3. Represents shares of Class A Common Stock sold pursuant to a written trading plan that is intended to satisfy the affirmative defense conditions of Rule 10b5-1(c) under the Securities Exchange Act of 1934, adopted by the Reporting Person on March 14, 2024.
4. The shares of Class A Common Stock of the Company were sold in multiple trades at prices ranging from $77.68 to $78.63 per share, inclusive. The price reported in Column 4 reflects the weighted average price per share. The Reporting Person hereby undertakes to provide to the staff of the Securities and Exchange Commission, the Company or any security holder of the Company, upon request, full information regarding the number of shares sold at each separate price.

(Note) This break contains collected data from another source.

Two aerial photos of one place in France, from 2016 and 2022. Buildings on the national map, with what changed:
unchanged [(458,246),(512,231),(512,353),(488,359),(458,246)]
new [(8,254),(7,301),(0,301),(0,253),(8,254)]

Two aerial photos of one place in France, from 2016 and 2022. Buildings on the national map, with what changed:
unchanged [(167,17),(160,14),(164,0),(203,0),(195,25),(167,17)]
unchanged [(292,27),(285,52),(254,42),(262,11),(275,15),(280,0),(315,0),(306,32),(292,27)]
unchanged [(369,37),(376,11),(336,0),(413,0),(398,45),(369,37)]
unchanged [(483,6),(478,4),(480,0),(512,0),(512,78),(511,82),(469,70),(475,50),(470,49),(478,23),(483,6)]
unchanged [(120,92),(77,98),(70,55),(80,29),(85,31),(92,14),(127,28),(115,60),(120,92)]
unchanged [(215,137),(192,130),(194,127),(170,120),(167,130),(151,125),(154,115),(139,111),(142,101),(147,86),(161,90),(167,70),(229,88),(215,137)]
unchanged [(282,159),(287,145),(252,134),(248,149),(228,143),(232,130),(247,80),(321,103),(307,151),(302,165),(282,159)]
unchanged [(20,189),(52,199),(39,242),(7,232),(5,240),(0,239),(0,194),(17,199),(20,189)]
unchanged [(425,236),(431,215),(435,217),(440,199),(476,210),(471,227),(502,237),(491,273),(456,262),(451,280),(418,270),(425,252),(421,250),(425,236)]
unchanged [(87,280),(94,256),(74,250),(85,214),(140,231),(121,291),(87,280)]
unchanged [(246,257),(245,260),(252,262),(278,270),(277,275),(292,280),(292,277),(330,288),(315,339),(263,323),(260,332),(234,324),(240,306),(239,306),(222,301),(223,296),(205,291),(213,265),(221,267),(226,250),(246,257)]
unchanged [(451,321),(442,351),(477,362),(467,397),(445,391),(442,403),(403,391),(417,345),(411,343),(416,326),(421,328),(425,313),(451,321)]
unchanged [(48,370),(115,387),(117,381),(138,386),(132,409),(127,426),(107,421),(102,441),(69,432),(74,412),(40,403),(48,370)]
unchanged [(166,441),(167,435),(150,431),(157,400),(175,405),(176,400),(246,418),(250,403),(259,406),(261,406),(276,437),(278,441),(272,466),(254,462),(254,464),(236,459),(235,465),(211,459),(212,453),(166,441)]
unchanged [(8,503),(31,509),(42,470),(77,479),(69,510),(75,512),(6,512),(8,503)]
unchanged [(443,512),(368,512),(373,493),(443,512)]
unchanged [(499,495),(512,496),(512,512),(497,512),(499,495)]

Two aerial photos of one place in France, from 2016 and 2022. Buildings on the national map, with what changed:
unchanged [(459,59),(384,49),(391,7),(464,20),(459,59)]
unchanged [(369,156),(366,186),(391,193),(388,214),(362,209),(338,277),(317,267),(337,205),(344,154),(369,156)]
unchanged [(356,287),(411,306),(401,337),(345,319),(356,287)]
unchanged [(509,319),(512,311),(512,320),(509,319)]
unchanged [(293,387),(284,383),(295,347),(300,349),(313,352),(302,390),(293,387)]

5. The shares of Class A Common Stock of the Company were sold in multiple trades at prices ranging from $78.69 to $79.66 per share, inclusive. The price reported in Column 4 reflects the weighted average price per share. The Reporting Person hereby undertakes to provide to the staff of the Securities and Exchange Commission, the Company or any security holder of the Company, upon request, full information regarding the number of shares sold at each separate price.

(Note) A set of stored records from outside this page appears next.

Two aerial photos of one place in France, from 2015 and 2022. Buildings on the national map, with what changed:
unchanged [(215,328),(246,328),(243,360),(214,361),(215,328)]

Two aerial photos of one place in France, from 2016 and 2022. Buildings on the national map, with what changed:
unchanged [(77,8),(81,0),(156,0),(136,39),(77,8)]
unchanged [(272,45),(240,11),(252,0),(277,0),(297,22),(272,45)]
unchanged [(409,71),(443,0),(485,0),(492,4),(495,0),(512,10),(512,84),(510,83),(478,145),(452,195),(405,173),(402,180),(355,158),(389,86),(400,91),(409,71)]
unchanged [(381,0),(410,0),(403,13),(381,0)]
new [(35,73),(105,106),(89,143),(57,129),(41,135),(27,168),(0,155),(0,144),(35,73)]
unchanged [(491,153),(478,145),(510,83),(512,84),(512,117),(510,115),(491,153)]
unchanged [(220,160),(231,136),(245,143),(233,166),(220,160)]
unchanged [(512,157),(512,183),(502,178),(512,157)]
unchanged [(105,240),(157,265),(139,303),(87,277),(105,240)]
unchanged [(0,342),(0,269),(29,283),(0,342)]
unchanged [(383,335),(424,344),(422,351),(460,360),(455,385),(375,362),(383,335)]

6. The shares of Class A Common Stock of the Company were sold in multiple trades at prices ranging from $79.81 to $80.76 per share, inclusive. The price reported in Column 4 reflects the weighted average price per share. The Reporting Person hereby undertakes to provide to the staff of the Securities and Exchange Commission, the Company or any security holder of the Company, upon request, full information regarding the number of shares sold at each separate price.
7. The shares of Class A Common Stock of the Company were sold in multiple trades at prices ranging from $80.97 to $81.03 per share, inclusive. The price reported in Column 4 reflects the weighted average price per share. The Reporting Person hereby undertakes to provide to the staff of the Securities and Exchange Commission, the Company or any security holder of the Company, upon request, full information regarding the number of shares sold at each separate price.
8. 25% of the stock option award vested on the first anniversary of November 15, 2017, and the remaining stock option award vested in equal monthly installments thereafter until fully vested on the fourth anniversary of such date.
9. 25% of the stock option award vested on the first anniversary of November 1, 2018, and the remaining stock option award vested in equal monthly installments thereafter until fully vested on the fourth anniversary of such date.
10. 25% of the stock option award vested on the first anniversary of September 21, 2019, and the remaining stock option award vested in equal monthly installments thereafter until fully vested on the fourth anniversary of such date.
/s/ Adam VanWagner, as Attorney-in-Fact for Timmie Hong 11/19/2024
** Signature of Reporting Person Date

Reminder: Report on a separate line for each class of securities beneficially owned directly or indirectly.

* If the form is filed by more than one reporting person, see Instruction 4 (b)(v).

** Intentional misstatements or omissions of facts constitute Federal Criminal Violations See 18 U.S.C. 1001 and 15 U.S.C. 78ff(a).